Beyond Skip Connection: Pooling and Unpooling Design for Elimination Singularities
Chengkun Sun, Jinqian Pan, Zhuoli Jin, Russell Stevens Terry, Jiang Bian, Jie Xu
TL;DR
Pool Skip addresses elimination singularities that hamper training of deep CNNs by integrating a pooling-unpooling path with a small convolution and skip connections, underpinned by the Weight Inertia hypothesis and compensation theory. The approach stabilizes gradient flow and enables updates to previously inert weights, yielding performance gains across 2D classification, 2D segmentation, and 3D medical image segmentation tasks. Empirical results on CIFAR-10/100, Cityscapes, Pascal VOC, BTCV, and AMOS show consistent improvements across CNNs and, to a lesser extent, ViT variants, validating the practicality of pooling-based compensation in deep architectures. The work provides a theoretical framework and a lightweight architectural module that improves training robustness with potential broad applicability to other deep models.
Abstract
Training deep Convolutional Neural Networks (CNNs) presents unique challenges, including the pervasive issue of elimination singularities, consistent deactivation of nodes leading to degenerate manifolds within the loss landscape.
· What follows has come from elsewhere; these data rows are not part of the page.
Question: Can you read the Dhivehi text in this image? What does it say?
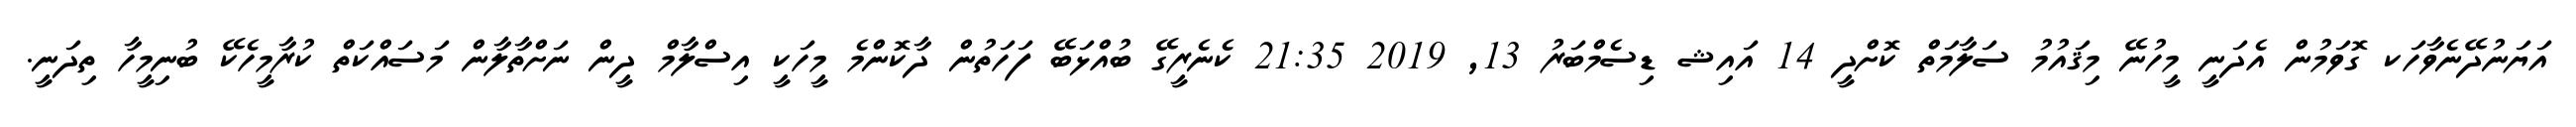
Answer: އަޔަނުދޭނެވާހަކ ގޮވަމުން އެދަނީ މީހުނޭ މިޤައުމު ސަލާމަތް ކޮށްދީ 14 އައިޝ ޑިސެމްބަރު 13, 2019 21:35 ކެނެރީގޭ ބުއްޅަބޭ ފަހަތުން ދާކޮންމެ މީހަކީ އިސްލާމް ދީން ނަށްތާލާން މަސައްކަތް ކުރާމީހެކޭ ބުނިމީހާ ތިދަނީ.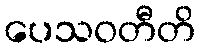
ပေသဝတီတိ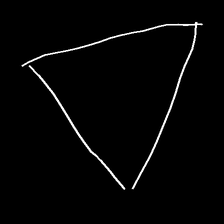
Glyph: convergence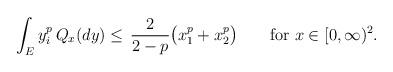
LaTeX: \begin{align*}\begin{aligned}\int_E y_i^p\, Q_x(dy)&\leq\,\frac{2}{2-p}\big(x_1^p+x_2^p\big)\qquad\mbox{for }x\in[0,\infty)^2.\end{aligned}\end{align*}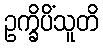
ဥက္ခိပိံသူတိ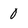
Character: 0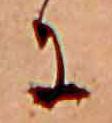
に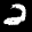
Label: 2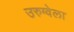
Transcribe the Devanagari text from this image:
उरुग्वेला

These singularities impede efficient learning by disrupting feature propagation. To mitigate this, we introduce Pool Skip, an architectural enhancement that strategically combines a Max Pooling, a Max Unpooling, a 3 times 3 convolution, and a skip connection. This configuration helps stabilize the training process and maintain feature integrity across layers. We also propose the Weight Inertia hypothesis, which underpins the development of Pool Skip, providing theoretical insights into mitigating degradation caused by elimination singularities through dimensional and affine compensation. We evaluate our method on a variety of benchmarks, focusing on both 2D natural and 3D medical imaging applications, including tasks such as classification and segmentation. Our findings highlight Pool Skip's effectiveness in facilitating more robust CNN training and improving model performance.